OSCAR BESSI: Quando morrem os anjos

TGFPor Oscar Bessi

Essas semanas de inspiração religiosa deveriam ser diferentes. E trazer dias tão pacíficos que parecessem uma pausa, um suspiro coletivo, reflexão. A ponto de se sentir, no ar, certa ternura palpável a fulgir em olhares e gestos mínimos, instintivamente fraternos e solidários. Bobagem. Somos humanos. Os predadores do planeta, a espécie que se diverte matando e morrendo, que usa a maior parte de sua incrível inteligência para violentar. E, por mais que fujamos à regra, sempre haverá quem, ao nosso lado, dê a mínima ao que possa significar amor, paz ou piedade. Enfim. É Páscoa. Tragam os chocolates que o dever está cumprido.

Terça-feira. Seria só mais uma semana de assaltos a bancos, tiroteios e por aí vai. No meio da manhã eu voltava da capital, onde fora resolver questões administrativas da Associação Gaúcha de Escritores, e ouvia a Rádio Guaíba. Acompanhava as notícias sobre o atentado terrorista em Bruxelas. A cada atualização subia o número de mortos e feridos. A brutalidade dos fanáticos me impressiona, seja com bombas ou meros discursos. Eu precisava ajustar os últimos detalhes da minha equipe em mais uma etapa da Operação Avante, ação que a Brigada Militar desenvolve em todo o estado a fim de frear o ímpeto da criminalidade, mas lia o que alguns amigos repassavam pelo celular. O Estado Islâmico, na chamada internet profunda, agradecia pelas “mortes abençoadas”. E exibia desenhos do personagem infantil belga Tintim decapitado. Bah. Eu conversava com um colega justamente sobre esse sadismo atroz, inescrupuloso, quando recebi a missão de ir à Bom Princípio prestar apoio à guarnição local e à Polícia Civil. Abortamos o almoço e fomos. Triplo homicídio, disseram. Mas os tristes detalhes destes crimes eu conheceria apenas no local, numa das tardes que entrou para a galeria, já bem grandinha, das piores da minha vida.
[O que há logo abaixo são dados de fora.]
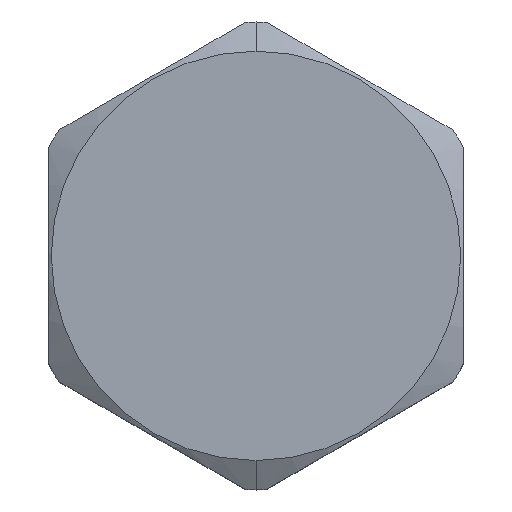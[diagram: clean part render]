
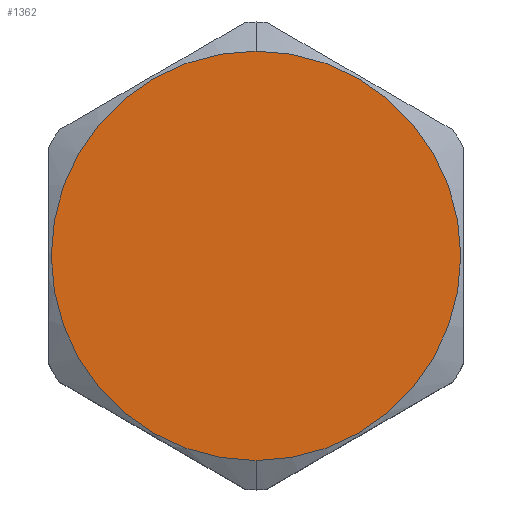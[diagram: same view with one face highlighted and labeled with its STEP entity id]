
A CAD part, top view. The second image highlights one B-rep face of the part: STEP entity #1362.
In plain terms, the highlighted planar face has unit normal (0, 0, 1).
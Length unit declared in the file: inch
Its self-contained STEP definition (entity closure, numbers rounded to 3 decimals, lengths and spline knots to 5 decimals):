
#503=CARTESIAN_POINT('',(0.,0.,0.687));
#504=DIRECTION('',(0.,0.,1.));
#505=DIRECTION('',(0.,-1.,0.));
#506=AXIS2_PLACEMENT_3D('',#503,#504,#505);
#508=CARTESIAN_POINT('',(0.,0.,0.687));
#509=DIRECTION('',(0.,0.,1.));
#510=DIRECTION('',(0.,1.,0.));
#511=AXIS2_PLACEMENT_3D('',#508,#509,#510);
#723=CARTESIAN_POINT('',(0.,-0.555,0.687));
#724=CARTESIAN_POINT('',(0.,0.555,0.687));
#725=VERTEX_POINT('',#723);
#726=VERTEX_POINT('',#724);
#1353=CARTESIAN_POINT('',(0.,0.,0.687));
#1354=DIRECTION('',(0.,0.,1.));
#1355=DIRECTION('',(0.,1.,0.));
#1356=AXIS2_PLACEMENT_3D('',#1353,#1354,#1355);
#1357=PLANE('',#1356);
#1358=ORIENTED_EDGE('',*,*,#1186,.F.);
#1359=ORIENTED_EDGE('',*,*,#1344,.F.);
#1360=EDGE_LOOP('',(#1358,#1359));
#1361=FACE_OUTER_BOUND('',#1360,.F.);
#1362=ADVANCED_FACE('',(#1361),#1357,.T.);
#507=CIRCLE('',#506,0.555);
#512=CIRCLE('',#511,0.555);
#1186=EDGE_CURVE('',#725,#726,#507,.T.);
#1344=EDGE_CURVE('',#726,#725,#512,.T.);
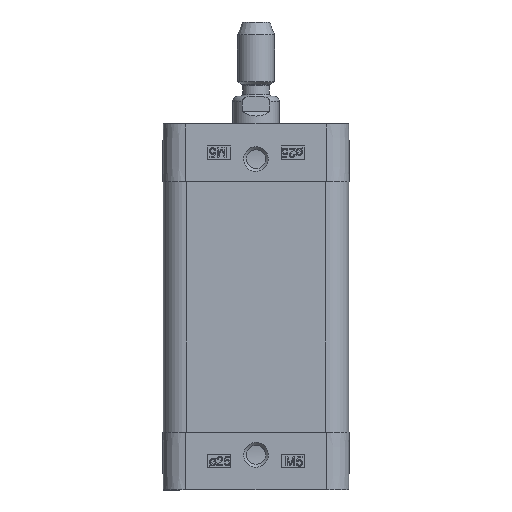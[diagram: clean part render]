
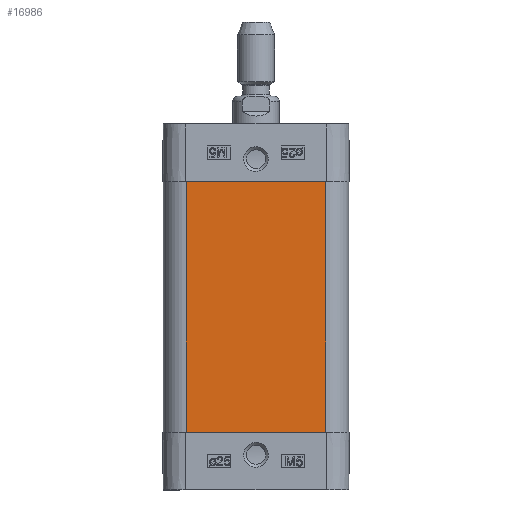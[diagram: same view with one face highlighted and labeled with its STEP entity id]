
A CAD part, left-side view. The second image highlights one B-rep face of the part: STEP entity #16986.
In plain terms, the highlighted planar face has unit normal (-1, 0, 0).
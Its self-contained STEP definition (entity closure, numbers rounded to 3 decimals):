
#16484=CARTESIAN_POINT('',(-20.,-27.0,15.0));
#16485=VERTEX_POINT('',#16484);
#16493=CARTESIAN_POINT('',(-20.,-27.0,-15.0));
#16494=VERTEX_POINT('',#16493);
#16495=CARTESIAN_POINT('',(-20.,-27.0,-15.0));
#16496=DIRECTION('',(0.0,0.0,1.0));
#16497=VECTOR('',#16496,30.0);
#16498=LINE('',#16495,#16497);
#16499=EDGE_CURVE('',#16494,#16485,#16498,.T.);
#16956=CARTESIAN_POINT('',(-20.,0.0,15.0));
#16957=DIRECTION('',(-1.0,0.0,0.0));
#16958=DIRECTION('',(0.0,0.0,1.0));
#16959=AXIS2_PLACEMENT_3D('',#16956,#16957,#16958);
#16960=PLANE('',#16959);
#16961=CARTESIAN_POINT('',(-20.,27.0,15.0));
#16962=VERTEX_POINT('',#16961);
#16963=CARTESIAN_POINT('',(-20.,27.0,-15.0));
#16964=VERTEX_POINT('',#16963);
#16965=CARTESIAN_POINT('',(-20.,27.0,15.0));
#16966=DIRECTION('',(0.0,0.0,-1.0));
#16967=VECTOR('',#16966,30.0);
#16968=LINE('',#16965,#16967);
#16969=EDGE_CURVE('',#16962,#16964,#16968,.T.);
#16970=ORIENTED_EDGE('',*,*,#16969,.T.);
#16971=CARTESIAN_POINT('',(-20.,27.0,-15.0));
#16972=DIRECTION('',(0.0,-1.0,0.0));
#16973=VECTOR('',#16972,54.0);
#16974=LINE('',#16971,#16973);
#16975=EDGE_CURVE('',#16964,#16494,#16974,.T.);
#16976=ORIENTED_EDGE('',*,*,#16975,.T.);
#16977=ORIENTED_EDGE('',*,*,#16499,.T.);
#16978=CARTESIAN_POINT('',(-20.,27.0,15.0));
#16979=DIRECTION('',(0.0,-1.0,0.0));
#16980=VECTOR('',#16979,54.0);
#16981=LINE('',#16978,#16980);
#16982=EDGE_CURVE('',#16962,#16485,#16981,.T.);
#16983=ORIENTED_EDGE('',*,*,#16982,.F.);
#16984=EDGE_LOOP('',(#16970,#16976,#16977,#16983));
#16985=FACE_OUTER_BOUND('',#16984,.T.);
#16986=ADVANCED_FACE('',(#16985),#16960,.T.);

Um lugar pacato. Um apartamento em sangue. No quarto, sobre a cama, o punhal de combate. A jovem mãe esfaqueada ao lado das filhas. Uma com apenas cinco anos, um pequeno anjo, uma bonequinha. Ao outra, quinze anos, fones de ouvido e suas músicas de sonho com uma vida pela frente ainda perto dos cabelos ensanguentados. Os bombeiros visivelmente abalados com as mortes. Preso, o assassino fingia desmaiar e nos falava de ciúmes. Uma terça-feira de breu. Dia de anjos morrerem pela doentia e múltipla concepção de posse dos homens. À noite, na estrada, na volta pra casa, eu pensava que a vida policial no fim das contas é ver e assimilar desgraças. Bestialidades. Até considerá-las banais. E ainda ter que aceitar a falta de consideração de uns e outros. Merecíamos mais. Todos nós, cidadãos. Enfim. Os dias seguem iguais no andar da humanidade. Vamos aos chocolates, que o dever estará cumprido.